**INSTRUCTIONS FOR THE TASK**
For every entry below, give an exact repeat and leave out the pictures.

Collected data entries
......

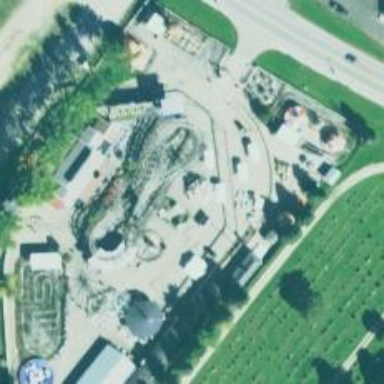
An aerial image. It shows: Thrilling drop tower attraction.
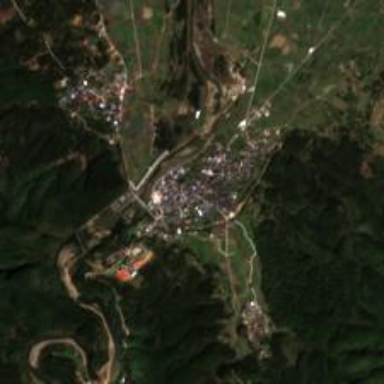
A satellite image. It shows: Ethnic township within town.
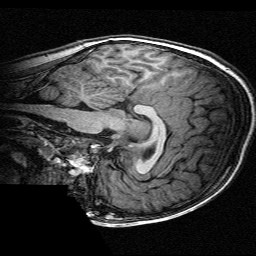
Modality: T1w
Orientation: sagittal
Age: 9
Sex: male
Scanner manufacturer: siemens
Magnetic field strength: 3 T
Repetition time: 2.3 s
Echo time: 0.00336 s
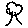
Label: tree
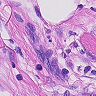
Metastatic tissue present: yes
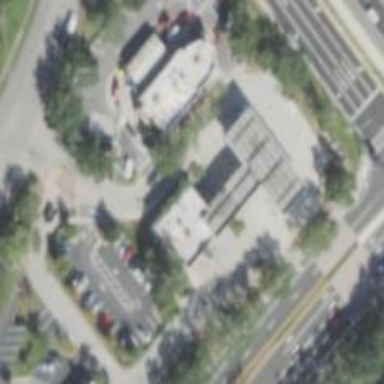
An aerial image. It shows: Convenience shop.
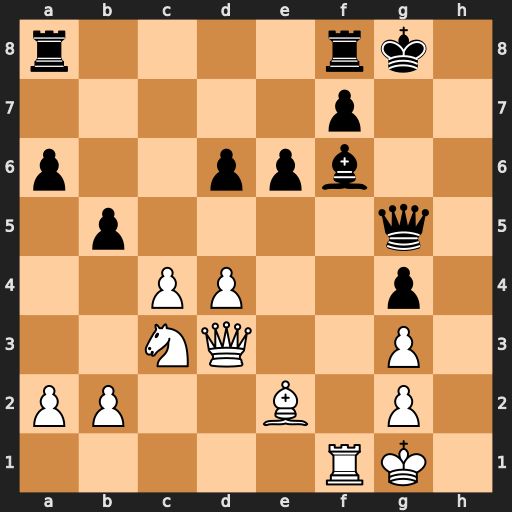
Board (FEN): r4rk1/5p2/p2ppb2/1p4q1/2PP2p1/2NQ2P1/PP2B1P1/5RK1
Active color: w
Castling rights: -
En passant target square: -
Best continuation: Ne4 bxc4 Qc3 Bxd4+ Qxd4
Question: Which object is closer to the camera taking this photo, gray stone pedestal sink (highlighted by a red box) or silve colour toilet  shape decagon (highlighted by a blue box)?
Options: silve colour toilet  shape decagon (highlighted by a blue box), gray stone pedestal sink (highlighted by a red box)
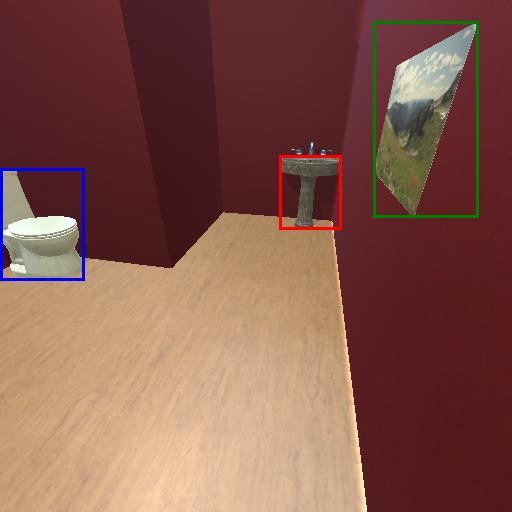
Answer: silve colour toilet  shape decagon (highlighted by a blue box)
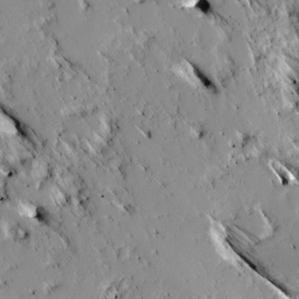
Label: non_frost
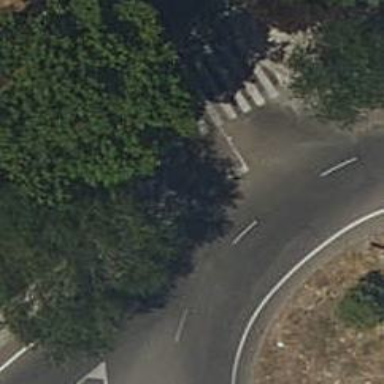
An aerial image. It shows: Tertiary road with asphalt surface leading to roundabout.
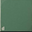
Piece: xx
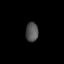
Tissue: lung
Cell type: Endothelial cells
Senescence score: 0.6773
Nuclear area (px): 238
Mean DAPI intensity: 82.899
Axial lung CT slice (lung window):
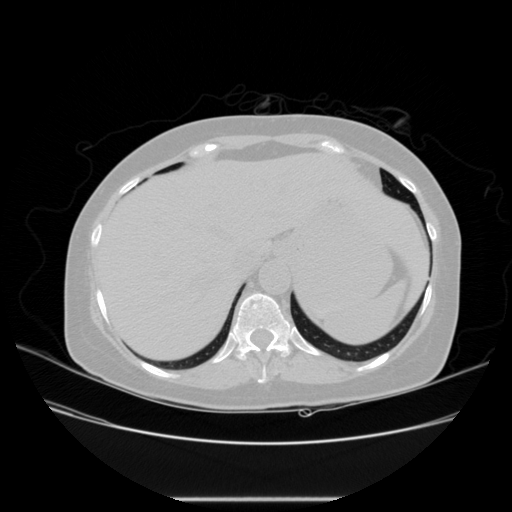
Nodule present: no
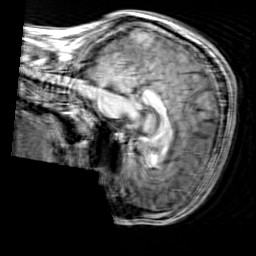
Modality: T1w
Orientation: sagittal
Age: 25
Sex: male
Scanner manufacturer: siemens
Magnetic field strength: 3 T
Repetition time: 2.3 s
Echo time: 0.00303 s
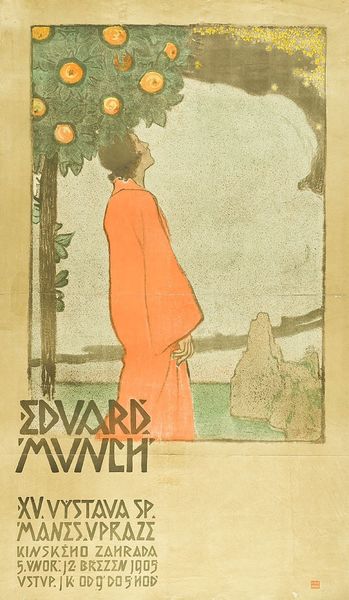
Titel: Edvard Munch. XV. Výstava Sp. Manes. V Praze
Künstler: Jan Preisler
Standort: Hamburg
Institution: Museum für Kunst und Gewerbe Hamburg
Schlagwörter: baum, felsen, himmel, meer, umhang, frau, orange, obst, jacke, strauch, figur, mantel, orangenbaum, papier, stern, lithographie, sterne, lithografie, plakat, cape, firmament, mer, sea, bäume, sträucher, küste, ausstellungsplakate, farblithografie
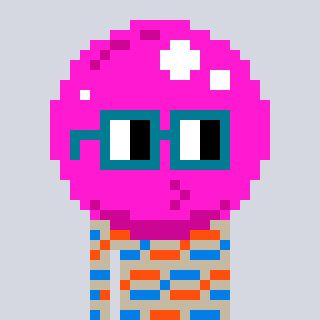
a pixel art character with square dark green glasses, a bubblegum-shaped head and a bege-colored body on a cool background
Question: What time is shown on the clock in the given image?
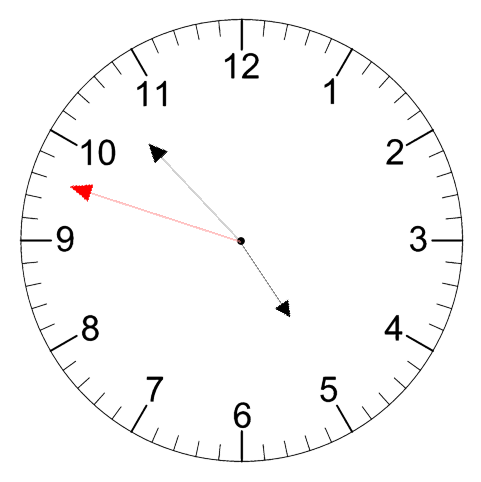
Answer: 04:52:48
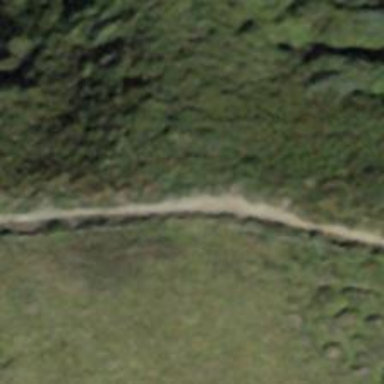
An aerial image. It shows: Path with excellent trail visibility.
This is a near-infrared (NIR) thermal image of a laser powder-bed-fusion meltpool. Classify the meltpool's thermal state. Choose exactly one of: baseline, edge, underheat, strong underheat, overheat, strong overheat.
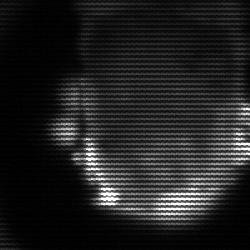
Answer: baseline
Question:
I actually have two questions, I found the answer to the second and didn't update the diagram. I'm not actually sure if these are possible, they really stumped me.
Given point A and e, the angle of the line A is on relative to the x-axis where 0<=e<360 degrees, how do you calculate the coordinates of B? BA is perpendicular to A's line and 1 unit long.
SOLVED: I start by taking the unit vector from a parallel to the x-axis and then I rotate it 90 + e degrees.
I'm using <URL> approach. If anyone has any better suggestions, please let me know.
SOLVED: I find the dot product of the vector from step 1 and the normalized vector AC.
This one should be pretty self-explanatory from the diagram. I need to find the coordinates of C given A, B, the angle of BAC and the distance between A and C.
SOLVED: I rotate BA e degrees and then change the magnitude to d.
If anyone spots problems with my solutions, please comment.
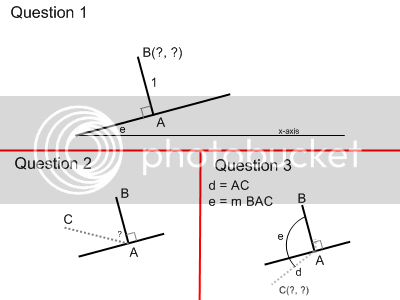
Answer: Easy if you understand vectors. Learn about how 2D vectors work and you'll have it. Is that the course you're taking?
1. Take the unit vector from e to A, knowing that a unit vector has length 1. Assume l1 = xi + yj. The perpendicular vector has components that are the reverse of l1 with one sign changed. In this case, l2 = -yi + xj.
2. Take the vector l2 that you got from the first problem and transform it as follows:
cx = -cos(t)y - sin(t)x
cy = +sin(t)y + cos(t)x
where t is the rotation angle in radians.
I'll leave the third one for you. Read about 2D vectors and transformations.
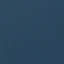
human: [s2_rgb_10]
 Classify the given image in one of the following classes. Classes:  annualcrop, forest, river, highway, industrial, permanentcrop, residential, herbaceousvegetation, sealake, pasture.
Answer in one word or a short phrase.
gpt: SeaLake
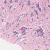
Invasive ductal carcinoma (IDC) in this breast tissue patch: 1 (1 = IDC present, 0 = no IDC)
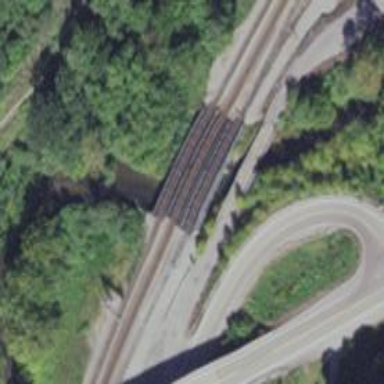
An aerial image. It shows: Railway bridge.
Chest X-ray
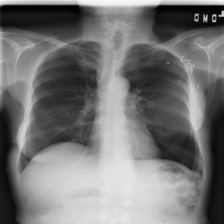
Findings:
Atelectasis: negative
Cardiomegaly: negative
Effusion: negative
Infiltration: negative
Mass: negative
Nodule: negative
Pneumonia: negative
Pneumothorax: negative
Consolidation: negative
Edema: negative
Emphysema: negative
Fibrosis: negative
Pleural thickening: negative
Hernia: negative

......

**PROBLEM SOLUTION**
An aerial image. It shows: Thrilling drop tower attraction.
A satellite image. It shows: Ethnic township within town.
Modality: T1w
Orientation: sagittal
Age: 9
Sex: male
Scanner manufacturer: siemens
Magnetic field strength: 3 T
Repetition time: 2.3 s
Echo time: 0.00336 s
Label: tree
Metastatic tissue present: yes
An aerial image. It shows: Convenience shop.
Board (FEN): r4rk1/5p2/p2ppb2/1p4q1/2PP2p1/2NQ2P1/PP2B1P1/5RK1
Active color: w
Castling rights: -
En passant target square: -
Best continuation: Ne4 bxc4 Qc3 Bxd4+ Qxd4
Question: Which object is closer to the camera taking this photo, gray stone pedestal sink (highlighted by a red box) or silve colour toilet  shape decagon (highlighted by a blue box)?
Options: silve colour toilet  shape decagon (highlighted by a blue box), gray stone pedestal sink (highlighted by a red box)
Answer: silve colour toilet  shape decagon (highlighted by a blue box)
Label: non_frost
An aerial image. It shows: Tertiary road with asphalt surface leading to roundabout.
Piece: xx
Tissue: lung
Cell type: Endothelial cells
Senescence score: 0.6773
Nuclear area (px): 238
Mean DAPI intensity: 82.899
Axial lung CT slice (lung window):
Nodule present: no
Modality: T1w
Orientation: sagittal
Age: 25
Sex: male
Scanner manufacturer: siemens
Magnetic field strength: 3 T
Repetition time: 2.3 s
Echo time: 0.00303 s
Titel: Edvard Munch. XV. Výstava Sp. Manes. V Praze
Künstler: Jan Preisler
Standort: Hamburg
Institution: Museum für Kunst und Gewerbe Hamburg
Schlagwörter: baum, felsen, himmel, meer, umhang, frau, orange, obst, jacke, strauch, figur, mantel, orangenbaum, papier, stern, lithographie, sterne, lithografie, plakat, cape, firmament, mer, sea, bäume, sträucher, küste, ausstellungsplakate, farblithografie
a pixel art character with square dark green glasses, a bubblegum-shaped head and a bege-colored body on a cool background
Question: What time is shown on the clock in the given image?
Answer: 04:52:48
An aerial image. It shows: Path with excellent trail visibility.
This is a near-infrared (NIR) thermal image of a laser powder-bed-fusion meltpool. Classify the meltpool's thermal state. Choose exactly one of: baseline, edge, underheat, strong underheat, overheat, strong overheat.
Answer: baseline
Question:
I actually have two questions, I found the answer to the second and didn't update the diagram. I'm not actually sure if these are possible, they really stumped me.
Given point A and e, the angle of the line A is on relative to the x-axis where 0<=e<360 degrees, how do you calculate the coordinates of B? BA is perpendicular to A's line and 1 unit long.
SOLVED: I start by taking the unit vector from a parallel to the x-axis and then I rotate it 90 + e degrees.
I'm using <URL> approach. If anyone has any better suggestions, please let me know.
SOLVED: I find the dot product of the vector from step 1 and the normalized vector AC.
This one should be pretty self-explanatory from the diagram. I need to find the coordinates of C given A, B, the angle of BAC and the distance between A and C.
SOLVED: I rotate BA e degrees and then change the magnitude to d.
If anyone spots problems with my solutions, please comment.
Answer: Easy if you understand vectors. Learn about how 2D vectors work and you'll have it. Is that the course you're taking?
1. Take the unit vector from e to A, knowing that a unit vector has length 1. Assume l1 = xi + yj. The perpendicular vector has components that are the reverse of l1 with one sign changed. In this case, l2 = -yi + xj.
2. Take the vector l2 that you got from the first problem and transform it as follows:
cx = -cos(t)y - sin(t)x
cy = +sin(t)y + cos(t)x
where t is the rotation angle in radians.
I'll leave the third one for you. Read about 2D vectors and transformations.
human: [s2_rgb_10]
 Classify the given image in one of the following classes. Classes:  annualcrop, forest, river, highway, industrial, permanentcrop, residential, herbaceousvegetation, sealake, pasture.
Answer in one word or a short phrase.
gpt: SeaLake
Invasive ductal carcinoma (IDC) in this breast tissue patch: 1 (1 = IDC present, 0 = no IDC)
An aerial image. It shows: Railway bridge.
Chest X-ray
Findings:
Atelectasis: negative
Cardiomegaly: negative
Effusion: negative
Infiltration: negative
Mass: negative
Nodule: negative
Pneumonia: negative
Pneumothorax: negative
Consolidation: negative
Edema: negative
Emphysema: negative
Fibrosis: negative
Pleural thickening: negative
Hernia: negative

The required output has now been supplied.